The Little Mermaid is a Danish fairy tale, and while the Disney version gives you the feel good ending all of us are craving, the real fairy tale ends in a much more...gruesome and maybe realistic manner. Basically, the little mermaid must be sippin' the crazy, because she gets legs from this crazy sea bitch, i mean witch, and goes on land to follow around this fine prince. But you snooze yah loosssze lady, the Prince marries a human princess and the little mermaid is devastated so she crushes a case of natty light or something, then goes to the Sea Witch again. The SW (Sea Witch) tells her that if she shanks the Prince and lets the blood drip on her fins, she'll get human legs, but alas, Little Mermaid Ariel can't do it, and instead throws herself into the ocean- delusional.

But hey, all of us need dreams to keep us going, and not all of us have Sea Witches to provide realistic solutions to our far fetched fantasies, we all need to escape reality once in a while. So for the rest of us in the words of Chamillionaire- we been drinkin and smokin holdin shit cause a brother can't focus.

Tuesday, March 1, 2011

Don't Tase me Bro


Fuck the Police, that's how we treat 'em, we can buy our way out of jail but we can't buy freedom. Kanye always knows what to say, and always in the most poetic terms.
We all heard about the UF student who was forcibly removed from a lecture, in which he repeatedly yelled "don't tase me bro!
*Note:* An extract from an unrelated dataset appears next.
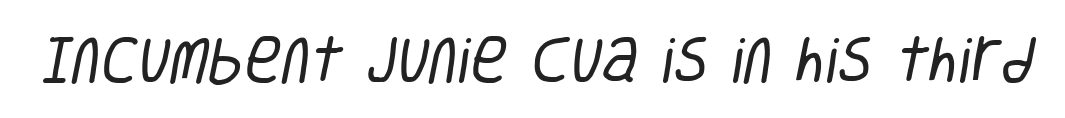
{"serif": "no", "bold": "no", "weight": "regular", "width": "condensed", "stroke_contrast": "low", "x_height": "large", "monospaced": "no", "underline": "no", "letter_spacing": "normal", "letter_spacing_em": 0.0, "glyph_px": 51}

Don't tase me!" but was invariably tased anyways- the result of brute authoritarian force? Or merited punishment on a douche lord?
It's up to you, but his infamous quotation sparked a series of viral videos and songs.

Regardless, the issue of whether or not to fight the man, or endure a tasing is an ongoing question.
In this painting by Francisco Goya he demonstrates the lifelong human battle between freedom, independence, and well...men with guns. This painting called "The Shootings of May Third 1808" commemorates the Spanish resistance to Napoleon's army.
Here's looking at all the tased bros and those who'll apologize, but just won't take off their sunglasses.

gin and juice

Oh yeah baby, Rafiki and his drank. The African safari just wouldn't be the same without getting a little tipsy up in this club. Slow your roll, and enjoy the ride.

On a different note, Disney's "The Lion King" is the highest grossing 2D animated film of all time in the United States. Also, it won two Academy Awards and Golden Globe Awards. Simba must be glowing with pride...that little s.o.b., in the words of Charlie Sheen-he wasn't even trying!!!!!